- Work required: Search the listing below for "shows". Copy each matching line.

BEGIN

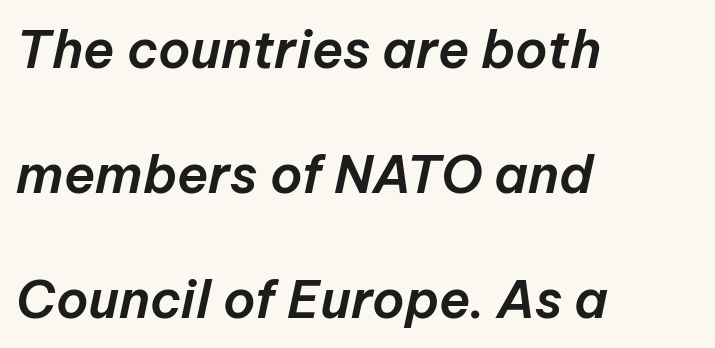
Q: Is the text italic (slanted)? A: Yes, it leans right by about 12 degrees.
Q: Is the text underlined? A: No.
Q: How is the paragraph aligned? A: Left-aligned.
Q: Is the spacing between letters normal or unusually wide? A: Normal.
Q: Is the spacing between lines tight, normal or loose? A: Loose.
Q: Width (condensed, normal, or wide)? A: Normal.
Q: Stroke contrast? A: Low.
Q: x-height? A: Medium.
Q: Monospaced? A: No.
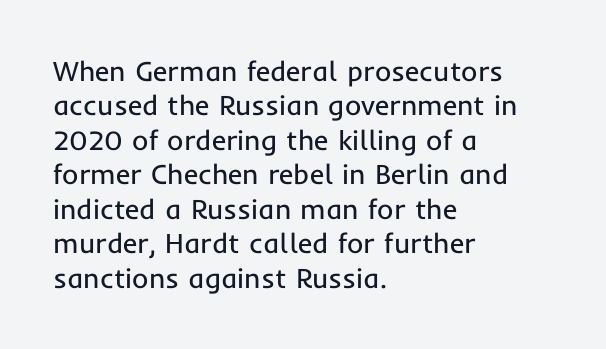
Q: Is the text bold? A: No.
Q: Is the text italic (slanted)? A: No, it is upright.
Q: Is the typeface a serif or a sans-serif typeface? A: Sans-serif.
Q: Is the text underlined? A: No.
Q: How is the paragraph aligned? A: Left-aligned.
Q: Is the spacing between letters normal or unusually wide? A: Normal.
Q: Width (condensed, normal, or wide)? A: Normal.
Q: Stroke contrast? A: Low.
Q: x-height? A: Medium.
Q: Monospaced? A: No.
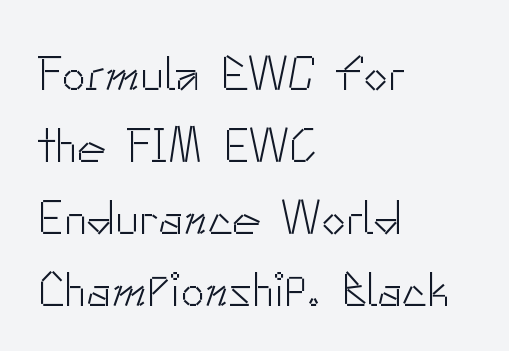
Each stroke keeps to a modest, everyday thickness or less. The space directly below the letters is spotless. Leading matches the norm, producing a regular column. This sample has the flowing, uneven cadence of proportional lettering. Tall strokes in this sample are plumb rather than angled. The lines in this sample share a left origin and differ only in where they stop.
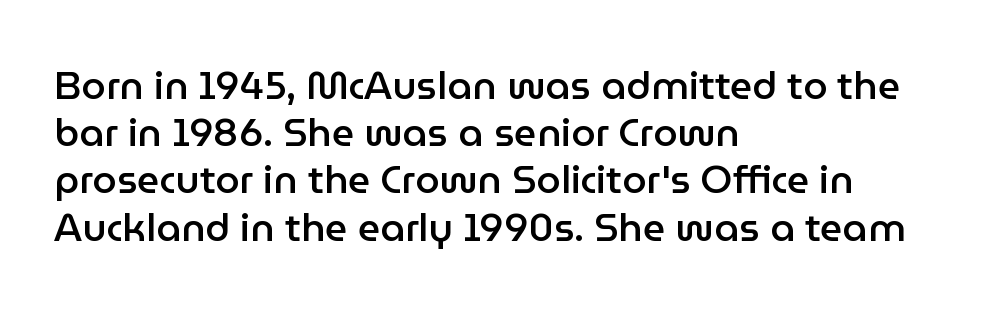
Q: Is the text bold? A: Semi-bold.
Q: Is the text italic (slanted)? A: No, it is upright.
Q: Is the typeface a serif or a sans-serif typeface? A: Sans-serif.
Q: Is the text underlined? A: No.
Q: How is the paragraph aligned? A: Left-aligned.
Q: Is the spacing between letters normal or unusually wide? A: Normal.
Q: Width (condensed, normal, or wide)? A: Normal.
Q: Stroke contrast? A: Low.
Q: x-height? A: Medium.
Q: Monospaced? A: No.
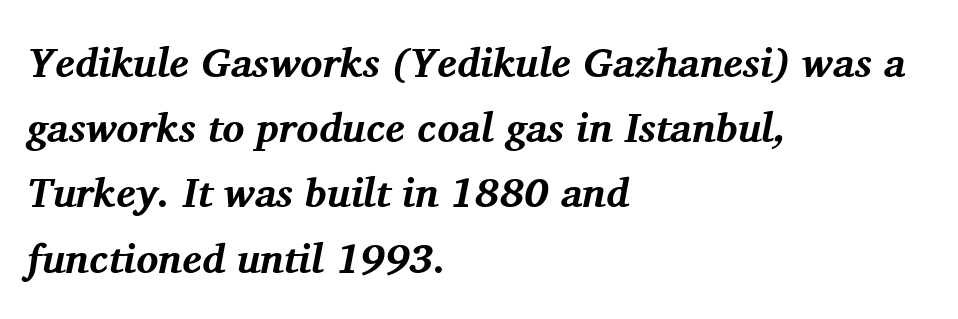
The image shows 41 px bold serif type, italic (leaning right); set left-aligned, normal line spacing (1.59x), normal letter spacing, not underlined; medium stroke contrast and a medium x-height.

END
BEGIN

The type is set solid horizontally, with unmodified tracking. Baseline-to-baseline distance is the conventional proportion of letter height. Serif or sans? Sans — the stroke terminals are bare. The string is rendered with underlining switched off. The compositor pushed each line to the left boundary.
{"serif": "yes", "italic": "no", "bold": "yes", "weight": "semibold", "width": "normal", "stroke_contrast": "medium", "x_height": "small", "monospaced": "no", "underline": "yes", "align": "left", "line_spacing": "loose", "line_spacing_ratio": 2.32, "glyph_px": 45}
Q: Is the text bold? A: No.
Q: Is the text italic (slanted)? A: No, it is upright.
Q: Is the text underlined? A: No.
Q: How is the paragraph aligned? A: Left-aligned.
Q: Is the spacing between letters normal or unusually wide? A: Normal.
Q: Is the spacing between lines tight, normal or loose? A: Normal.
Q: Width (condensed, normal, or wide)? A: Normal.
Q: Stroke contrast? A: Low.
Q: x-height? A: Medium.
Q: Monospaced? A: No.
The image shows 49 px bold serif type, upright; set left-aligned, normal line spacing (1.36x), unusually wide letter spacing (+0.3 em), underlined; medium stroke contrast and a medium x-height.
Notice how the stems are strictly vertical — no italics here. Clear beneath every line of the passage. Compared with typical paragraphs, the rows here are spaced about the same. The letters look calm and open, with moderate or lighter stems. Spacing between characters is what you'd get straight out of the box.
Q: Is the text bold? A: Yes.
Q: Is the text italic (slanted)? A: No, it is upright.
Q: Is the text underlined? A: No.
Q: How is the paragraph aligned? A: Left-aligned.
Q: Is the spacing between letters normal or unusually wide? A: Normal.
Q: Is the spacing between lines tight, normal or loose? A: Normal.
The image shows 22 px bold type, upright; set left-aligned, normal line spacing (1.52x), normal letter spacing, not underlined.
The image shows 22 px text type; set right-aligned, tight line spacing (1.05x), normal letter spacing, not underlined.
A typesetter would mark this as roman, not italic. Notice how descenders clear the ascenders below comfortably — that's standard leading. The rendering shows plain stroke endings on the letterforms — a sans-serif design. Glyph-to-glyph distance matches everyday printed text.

END

- Reply to the task:
The image shows 41 px bold serif type, italic (leaning right); set left-aligned, normal line spacing (1.59x), normal letter spacing, not underlined; medium stroke contrast and a medium x-height.
The image shows 49 px bold serif type, upright; set left-aligned, normal line spacing (1.36x), unusually wide letter spacing (+0.3 em), underlined; medium stroke contrast and a medium x-height.
The image shows 22 px bold type, upright; set left-aligned, normal line spacing (1.52x), normal letter spacing, not underlined.
The image shows 22 px text type; set right-aligned, tight line spacing (1.05x), normal letter spacing, not underlined.
A typesetter would mark this as roman, not italic. Notice how descenders clear the ascenders below comfortably — that's standard leading. The rendering shows plain stroke endings on the letterforms — a sans-serif design. Glyph-to-glyph distance matches everyday printed text.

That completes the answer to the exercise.